# Data under study

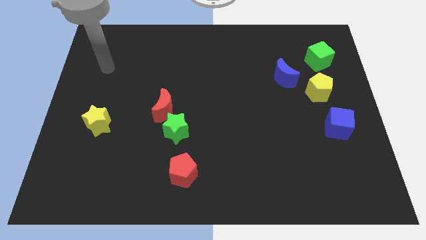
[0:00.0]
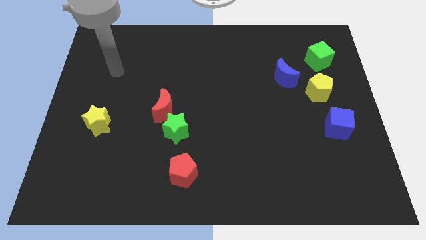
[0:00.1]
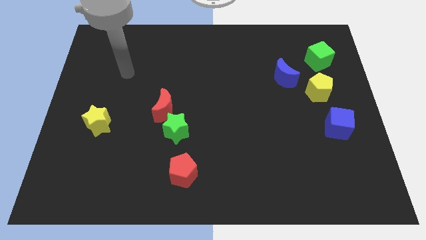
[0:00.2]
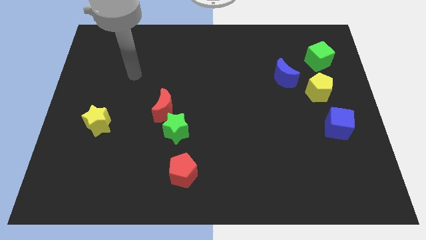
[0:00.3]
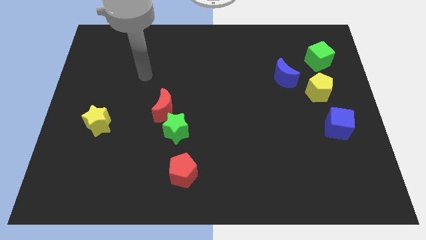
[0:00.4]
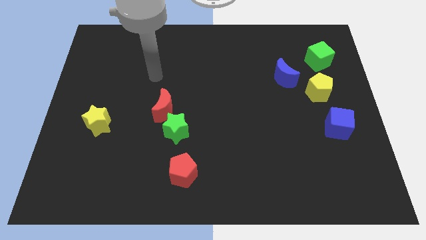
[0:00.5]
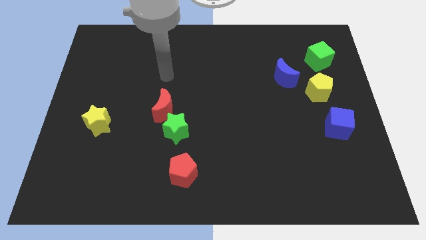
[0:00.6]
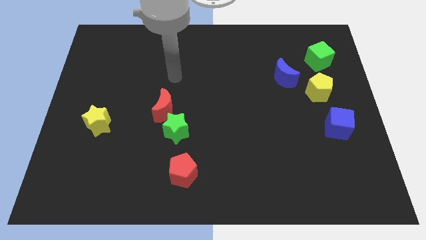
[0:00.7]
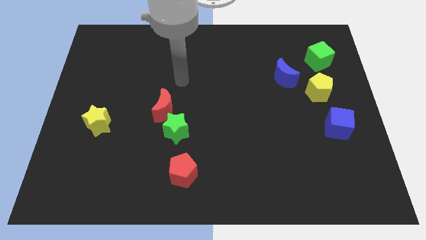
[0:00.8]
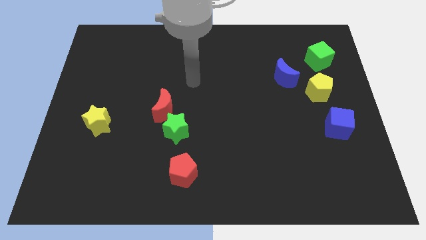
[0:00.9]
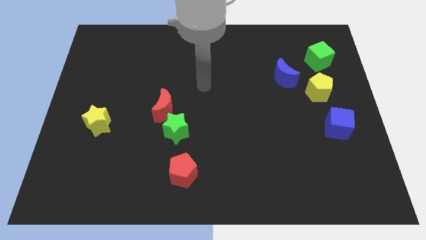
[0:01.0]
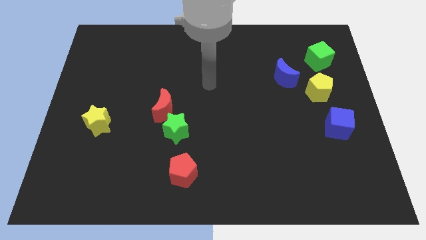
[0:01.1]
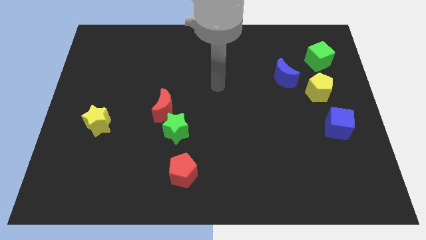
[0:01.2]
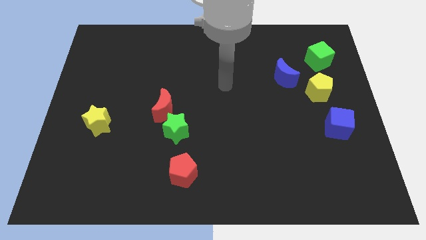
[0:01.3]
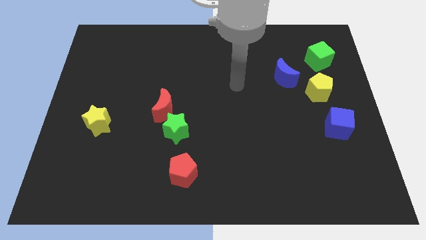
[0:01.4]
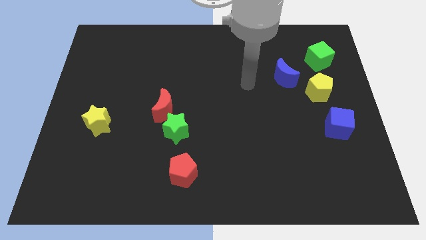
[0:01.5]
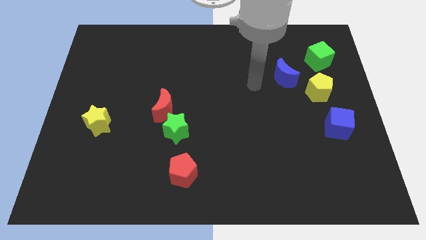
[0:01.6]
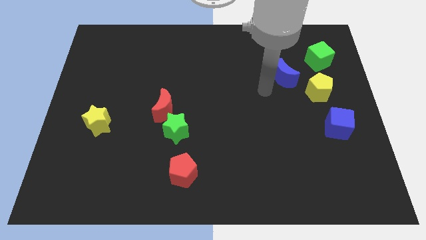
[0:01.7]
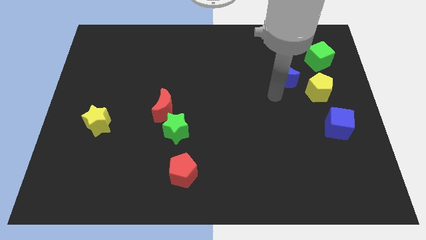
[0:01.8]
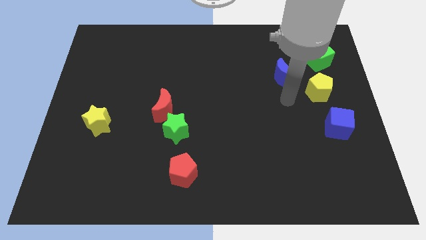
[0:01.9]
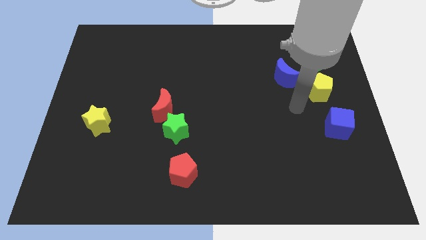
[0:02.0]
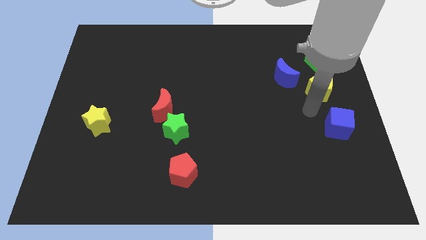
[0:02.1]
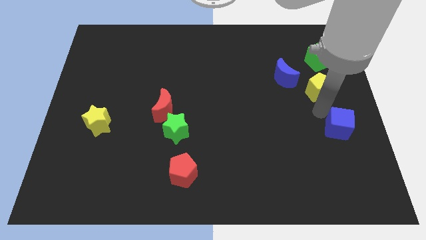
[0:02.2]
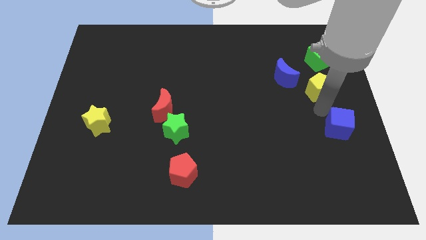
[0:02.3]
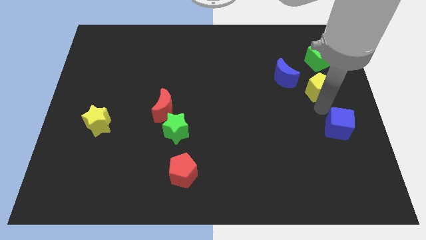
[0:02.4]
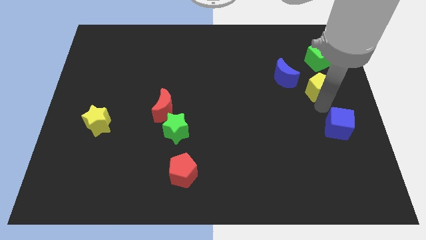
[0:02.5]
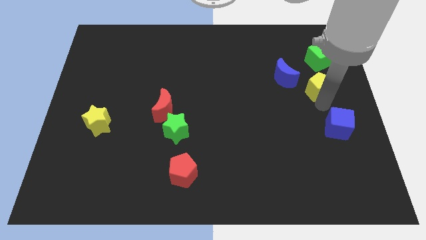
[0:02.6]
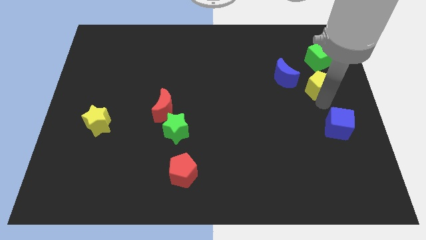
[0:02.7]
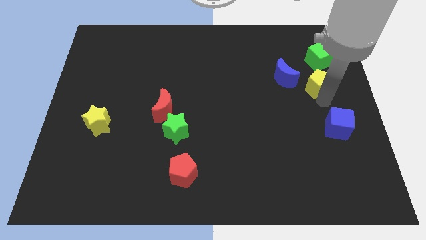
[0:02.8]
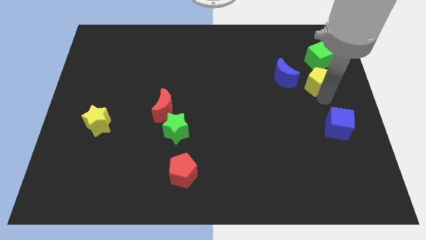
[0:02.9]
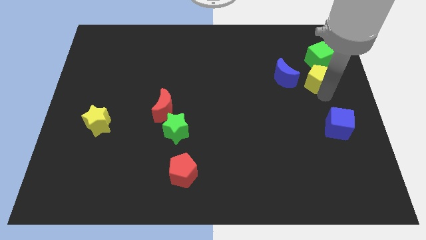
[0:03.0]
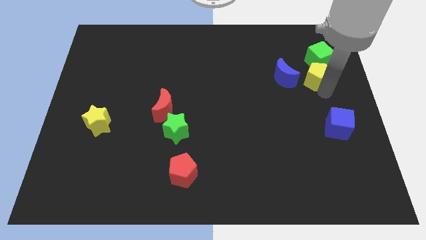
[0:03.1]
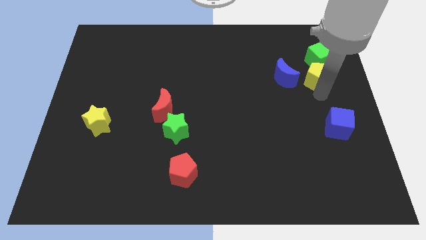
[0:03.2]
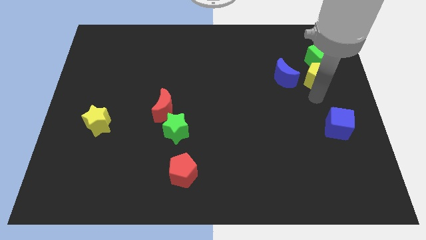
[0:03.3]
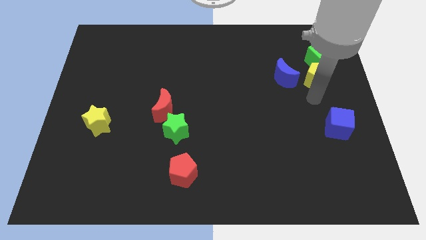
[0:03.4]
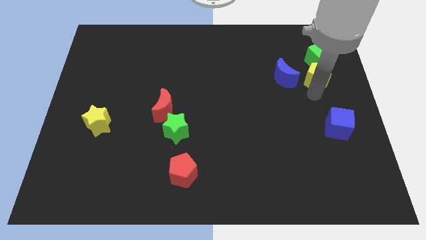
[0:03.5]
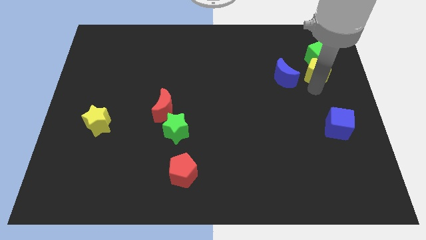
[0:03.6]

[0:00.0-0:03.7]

# Your task
Transcribe each record above exactly, leaving every picture out of the copy.

# Task response
[0:00.0]
[0:00.1]
[0:00.2]
[0:00.3]
[0:00.4]
[0:00.5]
[0:00.6]
[0:00.7]
[0:00.8]
[0:00.9]
[0:01.0]
[0:01.1]
[0:01.2]
[0:01.3]
[0:01.4]
[0:01.5]
[0:01.6]
[0:01.7]
[0:01.8]
[0:01.9]
[0:02.0]
[0:02.1]
[0:02.2]
[0:02.3]
[0:02.4]
[0:02.5]
[0:02.6]
[0:02.7]
[0:02.8]
[0:02.9]
[0:03.0]
[0:03.1]
[0:03.2]
[0:03.3]
[0:03.4]
[0:03.5]
[0:03.6]

[0:00.0-0:03.7]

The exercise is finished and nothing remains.